Home
A Dagster project integrating dbt, Sling, dltHub, and Snowflake into a single data platform. Includes stubs for powerBi, and AzureML, as well as Azure Keyvault to demonstrate external integrations.
Getting Started
Note on Security
This is a simple configuration for demonstration. Some security best practices have been skipped in order to make demonstration easier, however oath is supported for a real deployment to authenticate developers against the resources their accessing.
uv
This project is configured using the uv python package manager. To initialize the project, install uv if you do not have it already, and enter the command:
uv sync
This will create a virtual environment and install all required dependacies.
Resources
Source Database
This demo has been set up using a postgres server with a handful of tables in a single schema.
Desination Warehouse
This demo is using a Snowflake warehouse to demonstrate. It assumes the existance of the following databases:
prod
analytics
This is where the silver layer data will be stored: staged (stg), incremental (inc), dimensions (dim), facts (fct). This is the main destination for dbt models.
raw
The database that stores data ingested from the source systems.
snapshots
SCD Type 2 data, that is primaraly captured through dbt eagerly on raw data.
qa
The QA environment is not configured for this demonstration, however in a real deployment this would exist to perform slim CI on pull requests from feature branchs to develop, and pull requests from develop to main.
dev
The dev databases mirror the production, however each developer will generate shcmeas tagged with their user name so that they can develop new assets in isolation.
_dev_analytics
_dev_raw
_dev_snapshots
.env File
The .env file will hold your environment variables. Create this file in your root project folder and populate it will the correct credentials for your database and warehouse.

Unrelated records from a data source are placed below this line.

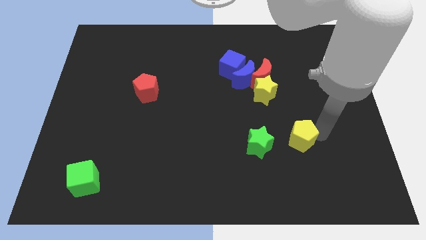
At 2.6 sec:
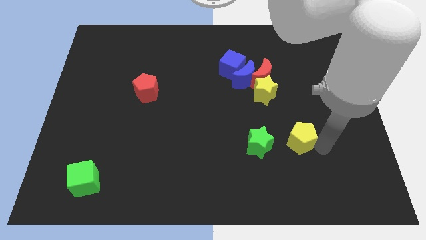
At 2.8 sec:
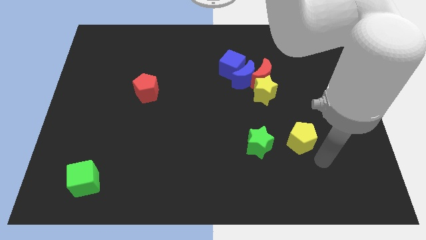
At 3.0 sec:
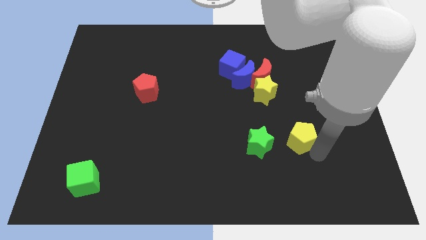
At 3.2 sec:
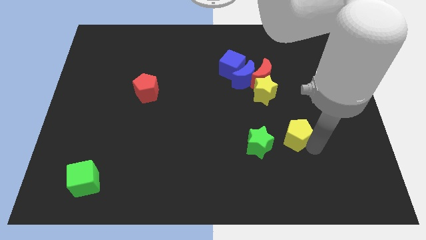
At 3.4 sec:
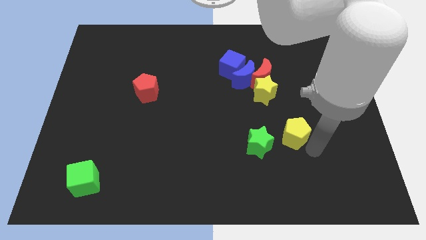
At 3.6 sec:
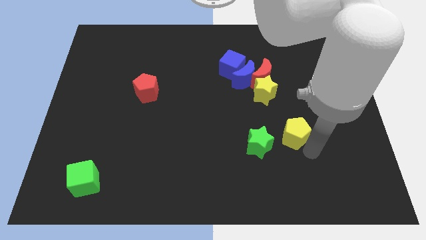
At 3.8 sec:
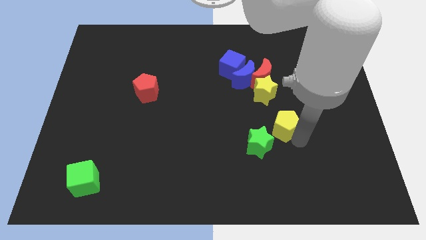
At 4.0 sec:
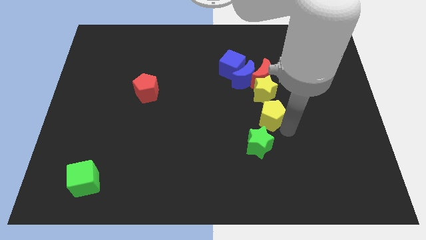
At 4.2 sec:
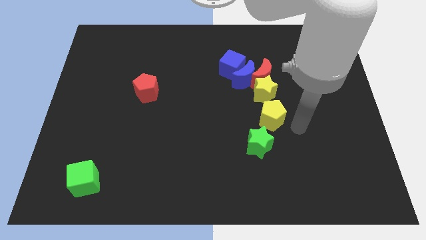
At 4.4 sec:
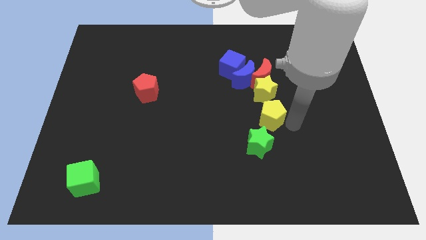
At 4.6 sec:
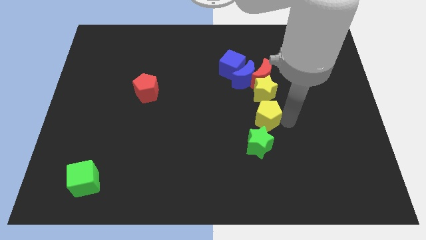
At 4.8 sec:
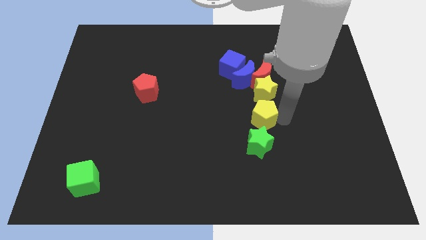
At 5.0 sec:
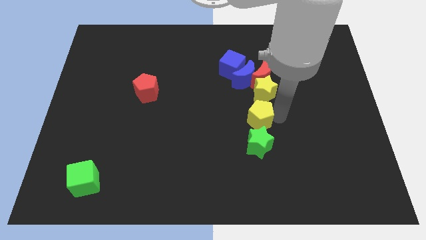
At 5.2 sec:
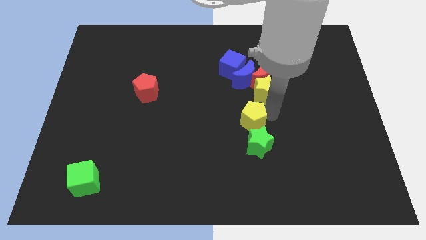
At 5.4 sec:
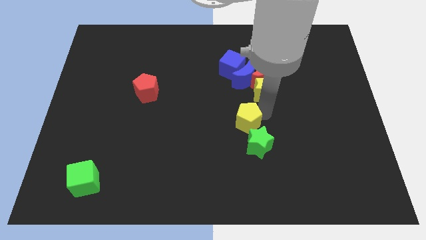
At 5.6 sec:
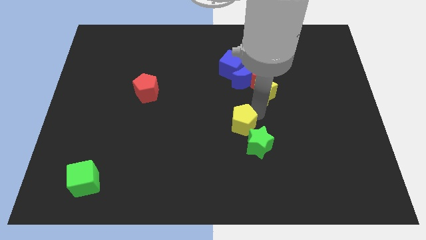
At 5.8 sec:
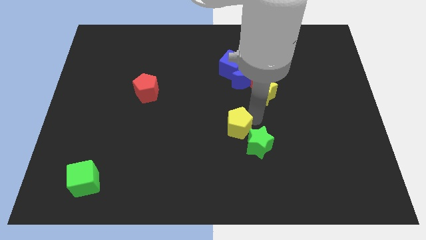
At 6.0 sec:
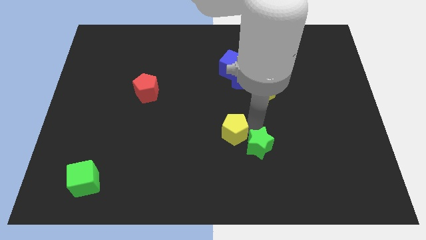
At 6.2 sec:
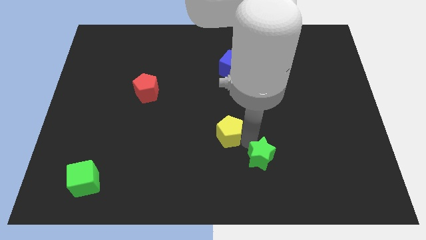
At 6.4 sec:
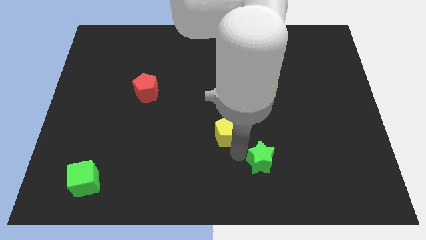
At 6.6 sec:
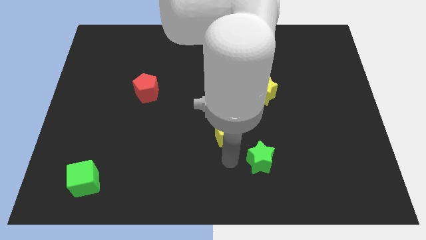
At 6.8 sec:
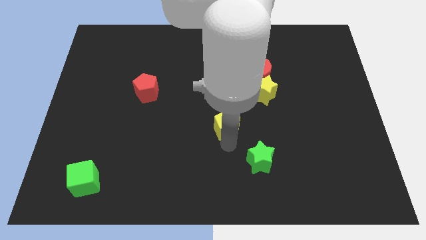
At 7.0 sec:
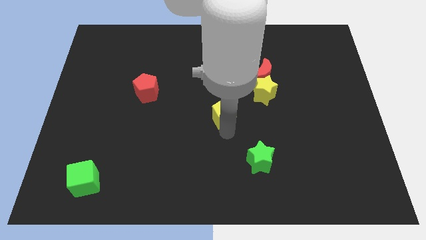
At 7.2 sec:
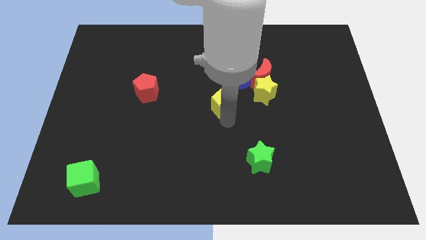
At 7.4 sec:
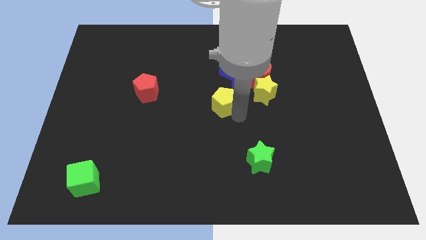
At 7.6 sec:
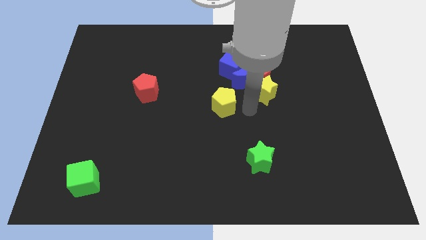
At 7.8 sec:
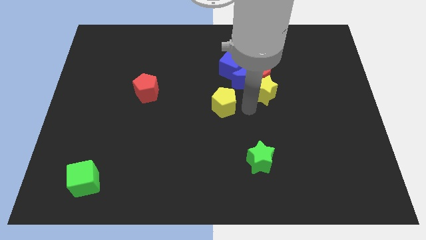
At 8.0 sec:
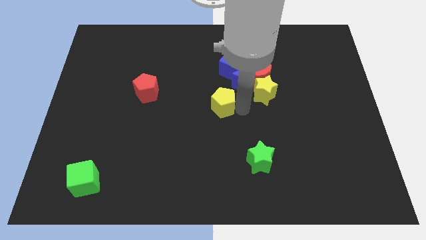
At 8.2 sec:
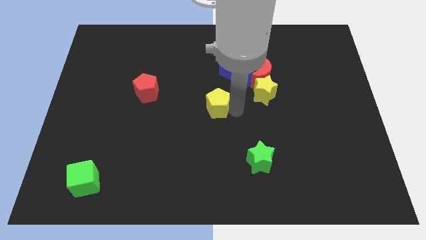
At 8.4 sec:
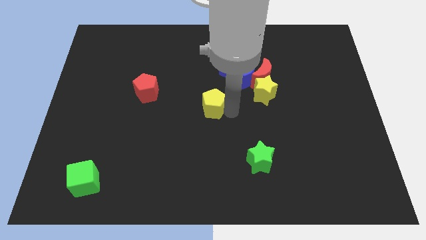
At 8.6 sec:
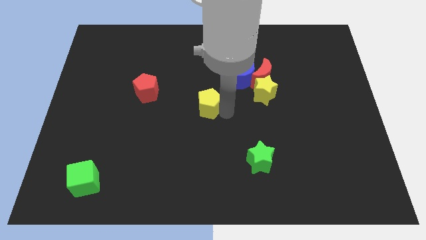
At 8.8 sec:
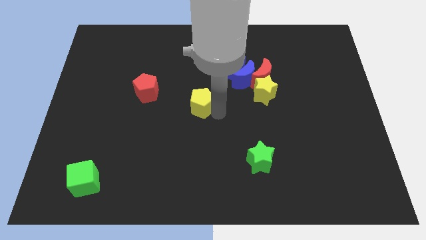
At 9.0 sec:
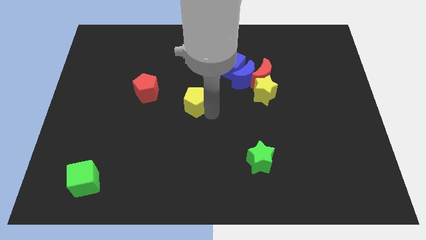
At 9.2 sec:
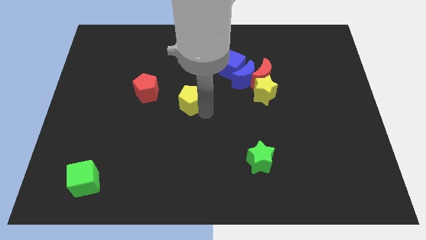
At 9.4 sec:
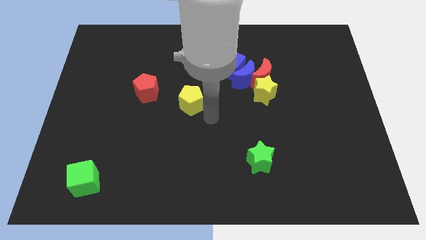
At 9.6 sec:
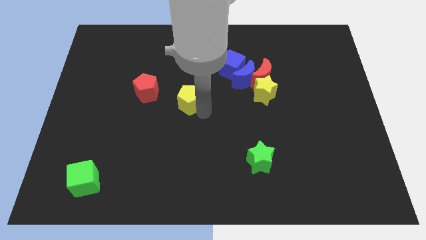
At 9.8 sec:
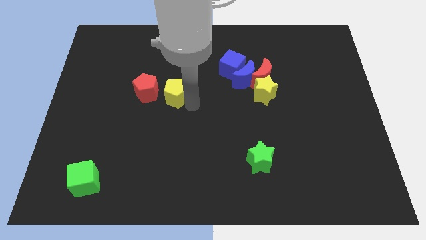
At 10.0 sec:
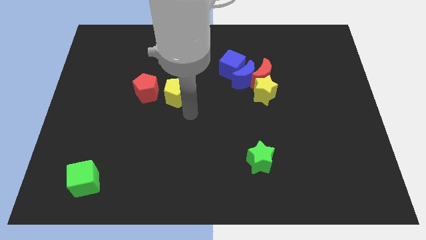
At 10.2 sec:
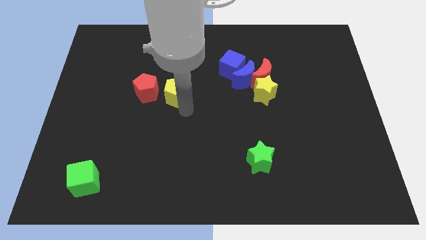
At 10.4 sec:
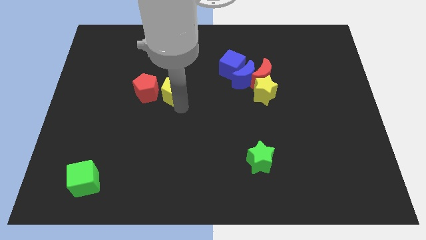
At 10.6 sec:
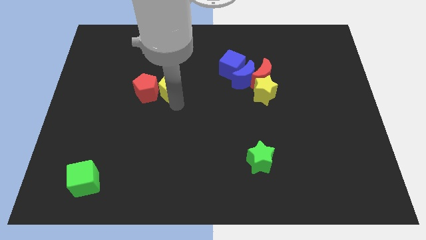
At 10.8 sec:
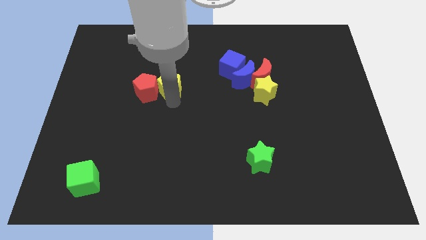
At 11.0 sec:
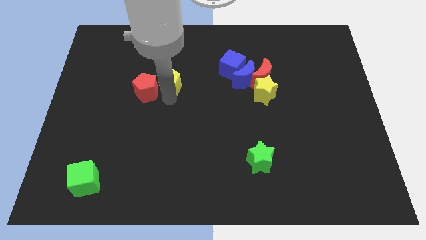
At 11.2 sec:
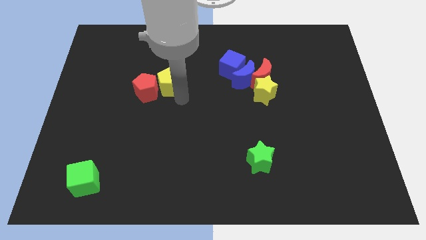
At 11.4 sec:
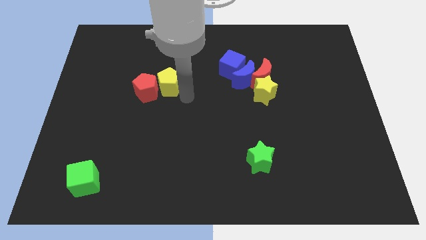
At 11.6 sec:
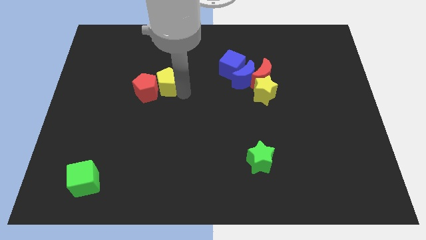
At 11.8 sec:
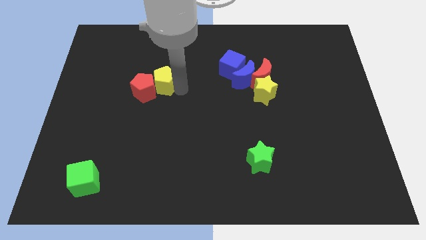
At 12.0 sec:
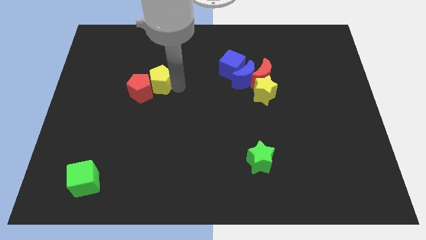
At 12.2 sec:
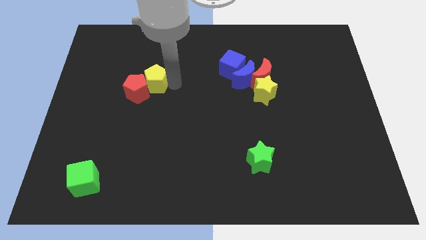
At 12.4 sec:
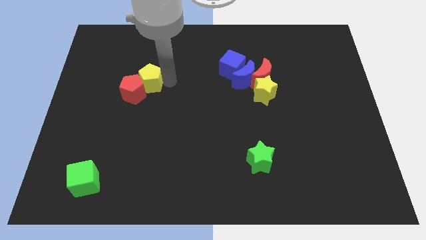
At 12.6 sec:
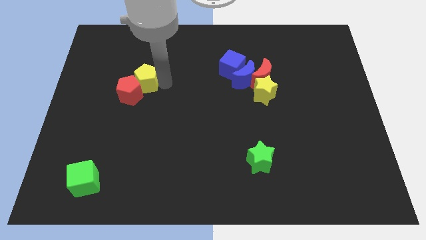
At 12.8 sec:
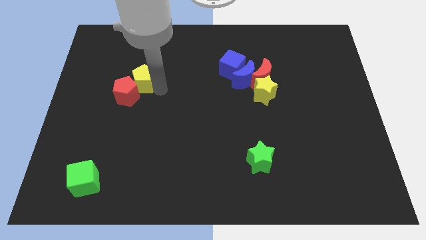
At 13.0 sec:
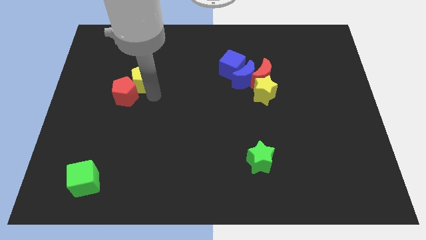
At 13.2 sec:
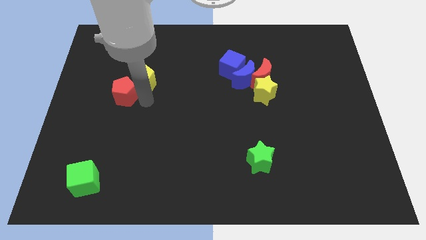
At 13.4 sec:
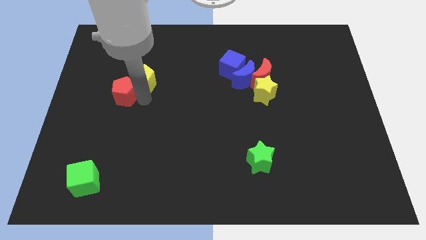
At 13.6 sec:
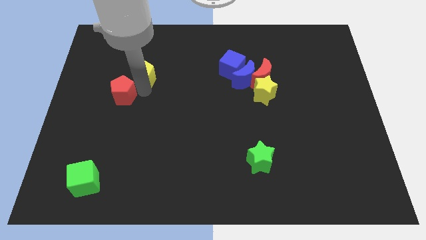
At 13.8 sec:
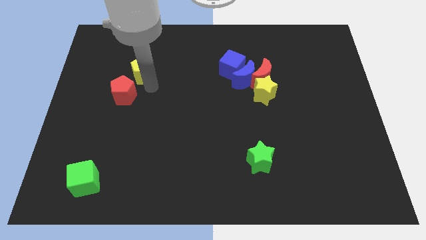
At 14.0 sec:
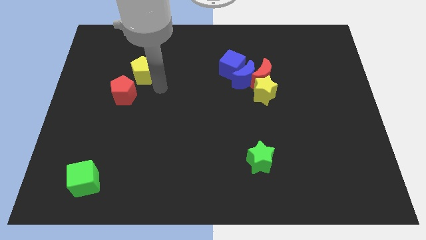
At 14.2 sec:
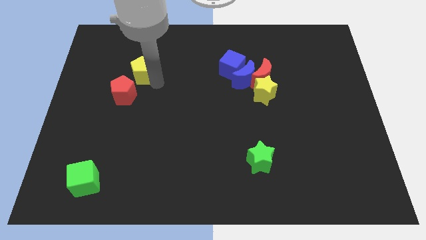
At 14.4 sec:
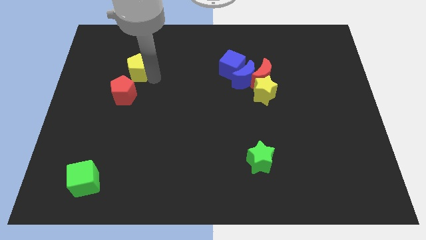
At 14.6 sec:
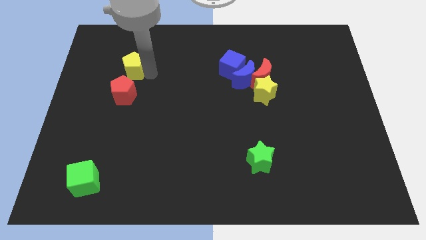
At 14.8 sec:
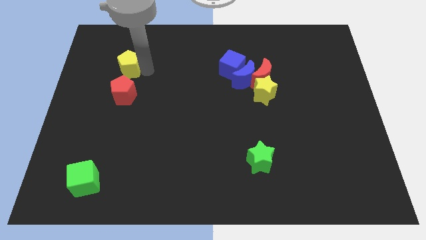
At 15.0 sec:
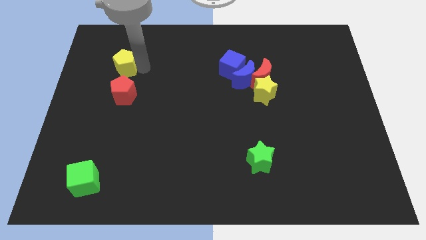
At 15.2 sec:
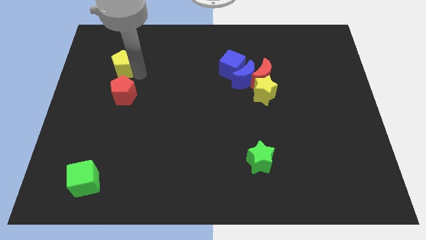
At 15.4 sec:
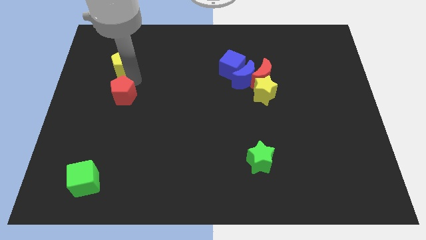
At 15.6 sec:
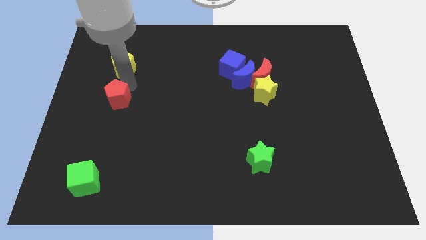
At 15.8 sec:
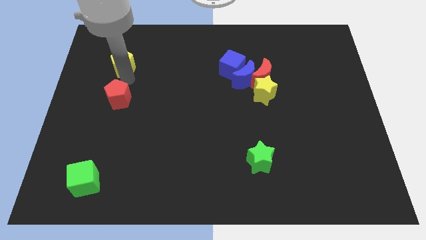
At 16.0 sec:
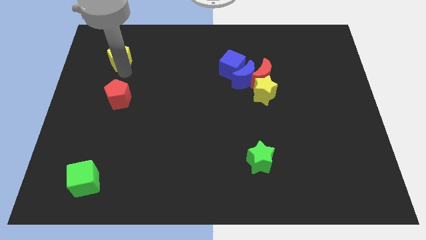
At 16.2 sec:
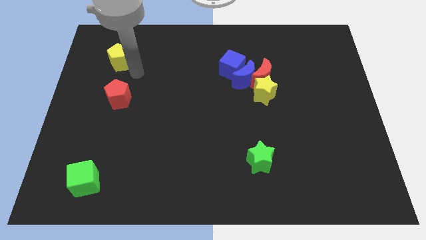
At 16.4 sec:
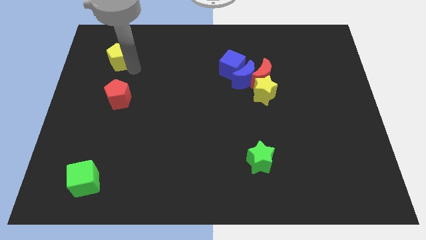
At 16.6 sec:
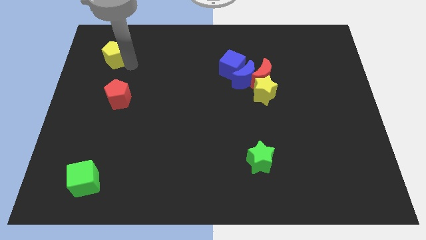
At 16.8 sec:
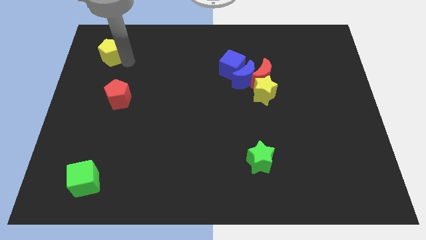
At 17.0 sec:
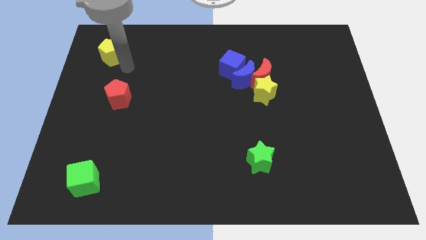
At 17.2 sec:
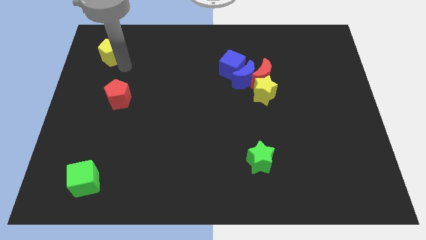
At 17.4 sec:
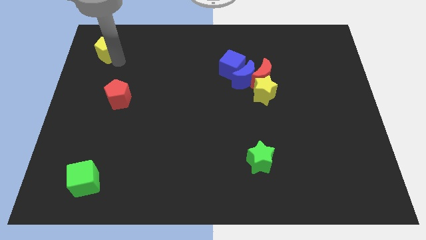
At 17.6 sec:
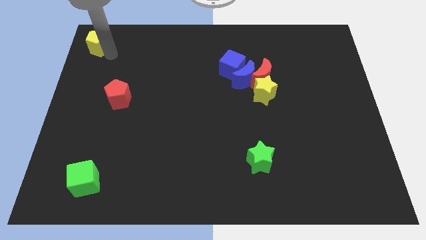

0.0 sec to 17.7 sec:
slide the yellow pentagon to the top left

In a true deployment, this would be set up using more secure methods.
# .env
TARGET=dev
DAGSTER_HOME=.\\.dagster_home
PYTHONLEGACYWINDOWSSTDIO=1
DBT_PROJECT_DIR=.\\dbt\\
PREPARE_IF_DEV=1
PROD__DESTINATION__DATABASE=raw
PROD__DESTINATION__HOST=<your_hostname>
PROD__DESTINATION__ROLE=<role_with_create_grants_on_prod>
PROD__DESTINATION__USER=<user_with_create_grants_on_prod>
PROD__DESTINATION__PASSWORD=<user_password>
PROD__DESTINATION__WAREHOUSE=<warehouse>
DEV__DESTINATION__DATABASE=raw
DEV__DESTINATION__HOST=<your_hostname>
DEV__DESTINATION__ROLE=<role_with_create_grants_on_dev>
DEV__DESTINATION__USER=<user_with_create_grants_on_dev>
DEV__DESTINATION__PASSWORD=<user_password>
DEV__DESTINATION__WAREHOUSE=<warehouse>
ANY__SOURCE__DATABASE=<demo_database>
ANY__SOURCE__HOST=<demo_host>
ANY__SOURCE__PORT=<demo_port>
ANY__SOURCE__USER=<demo_user>
ANY__SOURCE__PASSWORD=<demo_password>
PROD configuration is used on the production deployment, and the credentials should have appropriate grants for the prod databases on the warehouse.

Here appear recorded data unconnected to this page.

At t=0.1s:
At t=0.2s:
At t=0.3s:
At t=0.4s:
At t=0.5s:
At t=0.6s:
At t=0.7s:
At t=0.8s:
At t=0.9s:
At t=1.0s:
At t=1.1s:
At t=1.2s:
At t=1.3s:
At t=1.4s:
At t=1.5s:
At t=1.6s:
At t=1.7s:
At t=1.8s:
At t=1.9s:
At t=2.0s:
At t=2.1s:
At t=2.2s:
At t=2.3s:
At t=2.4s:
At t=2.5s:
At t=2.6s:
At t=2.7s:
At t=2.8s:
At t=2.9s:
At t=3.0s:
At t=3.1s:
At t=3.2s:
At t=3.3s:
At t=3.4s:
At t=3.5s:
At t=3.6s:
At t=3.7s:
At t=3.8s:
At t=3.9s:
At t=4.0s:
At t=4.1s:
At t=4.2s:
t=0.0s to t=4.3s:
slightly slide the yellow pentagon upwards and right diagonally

DEV configuration is used in the local development environment, and should have select grants to the analytics databases, and create schema grants on the development databases.
ANY configuration is shared between dev and prod, and will be used to connect to the demo database.
Deployment
Local Development
Once the above setup steps are complete, you are ready to launch you local development server. A task has been defined in vs code to make running the server easy.

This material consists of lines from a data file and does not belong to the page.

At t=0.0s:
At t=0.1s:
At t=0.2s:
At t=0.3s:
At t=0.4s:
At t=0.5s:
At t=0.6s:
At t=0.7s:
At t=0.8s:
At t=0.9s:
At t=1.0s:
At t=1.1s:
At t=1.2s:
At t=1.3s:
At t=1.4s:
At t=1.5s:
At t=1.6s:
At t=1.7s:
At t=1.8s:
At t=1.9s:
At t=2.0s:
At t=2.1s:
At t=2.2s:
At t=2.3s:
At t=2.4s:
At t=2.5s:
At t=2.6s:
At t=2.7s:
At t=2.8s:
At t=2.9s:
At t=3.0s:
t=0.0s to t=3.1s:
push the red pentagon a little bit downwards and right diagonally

- Open the command pallet:
ctrl+shift+p
- Type
>Tasks: Run Task
and hit enter - Type
dagster dev
and hit enter
You should now have a dagster development server running on your local machine.
Production Deployment
To simulate a production deployment a build and deploy
task has also been created.
This task assumes that you have docker deskop installed and running, with a 'kind'
kubernettes cluster availible.
If so you can run this command to build the 'user code deployment' docker image and
deploy it to the cluster. Once deployed you can run the k8s port forward
to make
the web server availible at http://127.0.0.1:63446/
Useful VS Code Extensions
Python
Core python extension from microsoft. This will provide syntax highlighting for .py files.
Ruff
A python linter that will help conform to style guides for the project. The styles are enforced through settings in the pyproject file so that all contributers write high quality, standardized code.
Power User for dbt
Allows for advanced functionality of dbt assets while the official dbt extension becomes availibe in general release.
Even Better TOML
Provides syntax highlighting for TOML files which are used for sling configurations.
Cron Explained
When hovering over cron expressions, provides a plain english explanation of what the expression means.
Snowflake
Allows for viewing snowflake resources, and performing SQL, DML, and DDL against the warehouse.